## DATA UNDER STUDY:
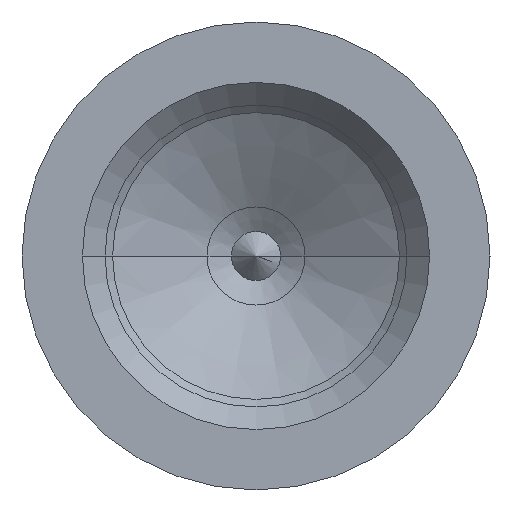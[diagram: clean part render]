
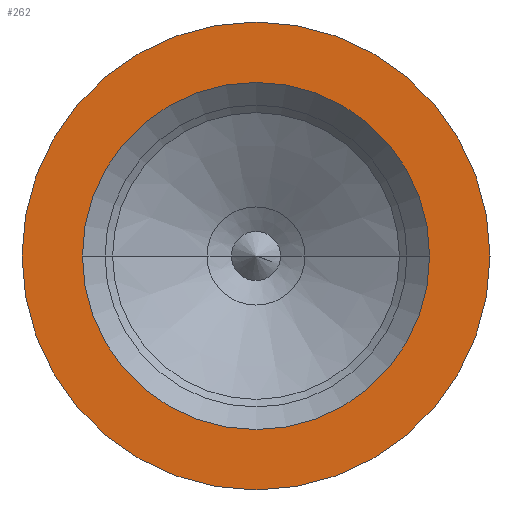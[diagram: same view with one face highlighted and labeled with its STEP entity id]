
A CAD part, left-side view. The second image highlights one B-rep face of the part: STEP entity #262.
In plain terms, the highlighted planar face has unit normal (-1, 0, 0).
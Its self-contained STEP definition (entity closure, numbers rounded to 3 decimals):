
#1=CARTESIAN_POINT('',(-60.,0.,0.));
#2=DIRECTION('',(-1.,0.,0.));
#3=DIRECTION('',(0.,1.,0.));
#4=AXIS2_PLACEMENT_3D('',#1,#2,#3);
#6=CARTESIAN_POINT('',(-60.,0.,0.));
#7=DIRECTION('',(1.,0.,0.));
#8=DIRECTION('',(0.,1.,0.));
#9=AXIS2_PLACEMENT_3D('',#6,#7,#8);
#11=CARTESIAN_POINT('',(-60.,0.,0.));
#12=DIRECTION('',(-1.,0.,0.));
#13=DIRECTION('',(0.,1.,0.));
#14=AXIS2_PLACEMENT_3D('',#11,#12,#13);
#16=CARTESIAN_POINT('',(-60.,0.,0.));
#17=DIRECTION('',(-1.,0.,0.));
#18=DIRECTION('',(0.,-1.,0.));
#19=AXIS2_PLACEMENT_3D('',#16,#17,#18);
#195=CARTESIAN_POINT('',(-60.,15.5,0.));
#196=CARTESIAN_POINT('',(-60.,-15.5,0.));
#197=VERTEX_POINT('',#195);
#198=VERTEX_POINT('',#196);
#219=CARTESIAN_POINT('',(-60.,11.5,0.));
#220=CARTESIAN_POINT('',(-60.,-11.5,0.));
#221=VERTEX_POINT('',#219);
#222=VERTEX_POINT('',#220);
#245=CARTESIAN_POINT('',(-60.,0.,0.));
#246=DIRECTION('',(1.,0.,0.));
#247=DIRECTION('',(0.,-1.,0.));
#248=AXIS2_PLACEMENT_3D('',#245,#246,#247);
#249=PLANE('',#248);
#251=ORIENTED_EDGE('',*,*,#250,.F.);
#253=ORIENTED_EDGE('',*,*,#252,.T.);
#254=EDGE_LOOP('',(#251,#253));
#255=FACE_OUTER_BOUND('',#254,.F.);
#257=ORIENTED_EDGE('',*,*,#256,.T.);
#259=ORIENTED_EDGE('',*,*,#258,.T.);
#260=EDGE_LOOP('',(#257,#259));
#261=FACE_BOUND('',#260,.F.);
#262=ADVANCED_FACE('',(#255,#261),#249,.F.);
#5=CIRCLE('',#4,15.5);
#10=CIRCLE('',#9,15.5);
#15=CIRCLE('',#14,11.5);
#20=CIRCLE('',#19,11.5);
#250=EDGE_CURVE('',#197,#198,#5,.T.);
#252=EDGE_CURVE('',#197,#198,#10,.T.);
#256=EDGE_CURVE('',#221,#222,#15,.T.);
#258=EDGE_CURVE('',#222,#221,#20,.T.);
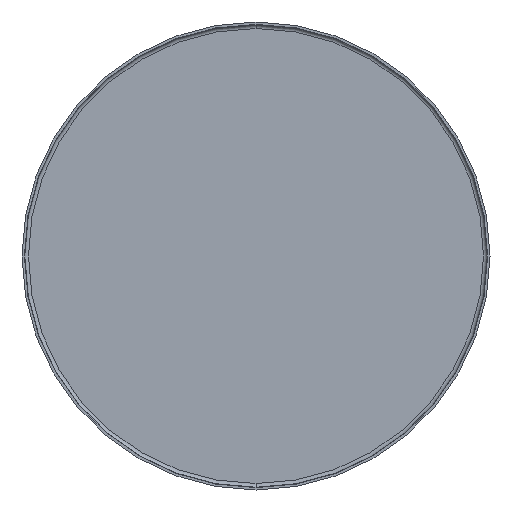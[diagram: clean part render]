
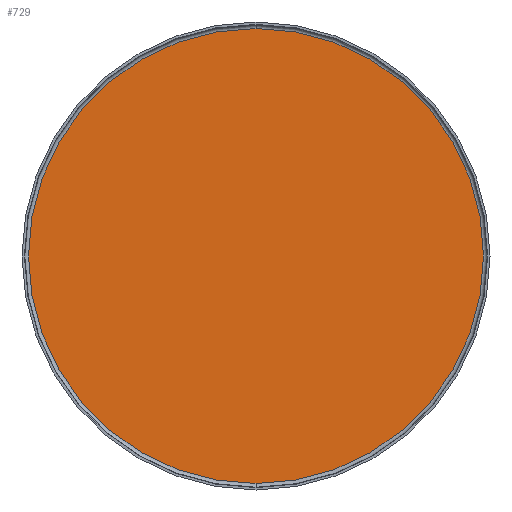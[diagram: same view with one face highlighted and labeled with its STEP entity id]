
A CAD part, front view. The second image highlights one B-rep face of the part: STEP entity #729.
In plain terms, the highlighted planar face has unit normal (0, -1, 0).
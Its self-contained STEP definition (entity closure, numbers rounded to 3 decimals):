
#126 = CARTESIAN_POINT ( 'NONE',  ( 0., 0.6, -36.85 ) ) ;
#187 = CARTESIAN_POINT ( 'NONE',  ( 0., 0.6, 36.85 ) ) ;
#276 = FACE_OUTER_BOUND ( 'NONE', #1333, .T. ) ;
#292 = EDGE_CURVE ( 'NONE', #1380, #1350, #762, .T. ) ;
#294 = EDGE_CURVE ( 'NONE', #1350, #1380, #767, .T. ) ;
#317 = AXIS2_PLACEMENT_3D ( 'NONE', #948, #947, #941 ) ;
#323 = AXIS2_PLACEMENT_3D ( 'NONE', #936, #939, #938 ) ;
#591 = AXIS2_PLACEMENT_3D ( 'NONE', #973, #1256, #1208 ) ;
#729 = ADVANCED_FACE ( 'NONE', ( #276 ), #1272, .F. ) ;
#762 = CIRCLE ( 'NONE', #317, 36.85 ) ;
#767 = CIRCLE ( 'NONE', #323, 36.85 ) ;
#781 = ORIENTED_EDGE ( 'NONE', *, *, #294, .T. ) ;
#793 = ORIENTED_EDGE ( 'NONE', *, *, #292, .T. ) ;
#936 = CARTESIAN_POINT ( 'NONE',  ( 0., 0.6, 0. ) ) ;
#938 = DIRECTION ( 'NONE',  ( 0., 0., -1. ) ) ;
#939 = DIRECTION ( 'NONE',  ( 0., -1., 0. ) ) ;
#941 = DIRECTION ( 'NONE',  ( 0., 0., -1. ) ) ;
#947 = DIRECTION ( 'NONE',  ( 0., -1., 0. ) ) ;
#948 = CARTESIAN_POINT ( 'NONE',  ( 0., 0.6, 0. ) ) ;
#973 = CARTESIAN_POINT ( 'NONE',  ( -36.85, 0.6, 0. ) ) ;
#1208 = DIRECTION ( 'NONE',  ( 0., 0., 1. ) ) ;
#1256 = DIRECTION ( 'NONE',  ( 0., 1., 0. ) ) ;
#1272 = PLANE ( 'NONE',  #591 ) ;
#1333 = EDGE_LOOP ( 'NONE', ( #781, #793 ) ) ;
#1350 = VERTEX_POINT ( 'NONE', #126 ) ;
#1380 = VERTEX_POINT ( 'NONE', #187 ) ;

## TASK OBJECTIVE:
In the records above, find the line containing "#16=CARTESIAN_POINT('',(-60.,0.,0.));" and the line containing "#767 = CIRCLE ( 'NONE', #323, 36.85 ) ;", then give both of them again word for word along with every line between. Omit any pictures.

## ANSWER SECTION:
#16=CARTESIAN_POINT('',(-60.,0.,0.));
#17=DIRECTION('',(-1.,0.,0.));
#18=DIRECTION('',(0.,-1.,0.));
#19=AXIS2_PLACEMENT_3D('',#16,#17,#18);
#195=CARTESIAN_POINT('',(-60.,15.5,0.));
#196=CARTESIAN_POINT('',(-60.,-15.5,0.));
#197=VERTEX_POINT('',#195);
#198=VERTEX_POINT('',#196);
#219=CARTESIAN_POINT('',(-60.,11.5,0.));
#220=CARTESIAN_POINT('',(-60.,-11.5,0.));
#221=VERTEX_POINT('',#219);
#222=VERTEX_POINT('',#220);
#245=CARTESIAN_POINT('',(-60.,0.,0.));
#246=DIRECTION('',(1.,0.,0.));
#247=DIRECTION('',(0.,-1.,0.));
#248=AXIS2_PLACEMENT_3D('',#245,#246,#247);
#249=PLANE('',#248);
#251=ORIENTED_EDGE('',*,*,#250,.F.);
#253=ORIENTED_EDGE('',*,*,#252,.T.);
#254=EDGE_LOOP('',(#251,#253));
#255=FACE_OUTER_BOUND('',#254,.F.);
#257=ORIENTED_EDGE('',*,*,#256,.T.);
#259=ORIENTED_EDGE('',*,*,#258,.T.);
#260=EDGE_LOOP('',(#257,#259));
#261=FACE_BOUND('',#260,.F.);
#262=ADVANCED_FACE('',(#255,#261),#249,.F.);
#5=CIRCLE('',#4,15.5);
#10=CIRCLE('',#9,15.5);
#15=CIRCLE('',#14,11.5);
#20=CIRCLE('',#19,11.5);
#250=EDGE_CURVE('',#197,#198,#5,.T.);
#252=EDGE_CURVE('',#197,#198,#10,.T.);
#256=EDGE_CURVE('',#221,#222,#15,.T.);
#258=EDGE_CURVE('',#222,#221,#20,.T.);
[diagram: clean part render]
[diagram: same view with one face highlighted and labeled with its STEP entity id]
A CAD part, front view. The second image highlights one B-rep face of the part: STEP entity #729.
In plain terms, the highlighted planar face has unit normal (0, -1, 0).
Its self-contained STEP definition (entity closure, numbers rounded to 3 decimals):
#126 = CARTESIAN_POINT ( 'NONE',  ( 0., 0.6, -36.85 ) ) ;
#187 = CARTESIAN_POINT ( 'NONE',  ( 0., 0.6, 36.85 ) ) ;
#276 = FACE_OUTER_BOUND ( 'NONE', #1333, .T. ) ;
#292 = EDGE_CURVE ( 'NONE', #1380, #1350, #762, .T. ) ;
#294 = EDGE_CURVE ( 'NONE', #1350, #1380, #767, .T. ) ;
#317 = AXIS2_PLACEMENT_3D ( 'NONE', #948, #947, #941 ) ;
#323 = AXIS2_PLACEMENT_3D ( 'NONE', #936, #939, #938 ) ;
#591 = AXIS2_PLACEMENT_3D ( 'NONE', #973, #1256, #1208 ) ;
#729 = ADVANCED_FACE ( 'NONE', ( #276 ), #1272, .F. ) ;
#762 = CIRCLE ( 'NONE', #317, 36.85 ) ;
#767 = CIRCLE ( 'NONE', #323, 36.85 ) ;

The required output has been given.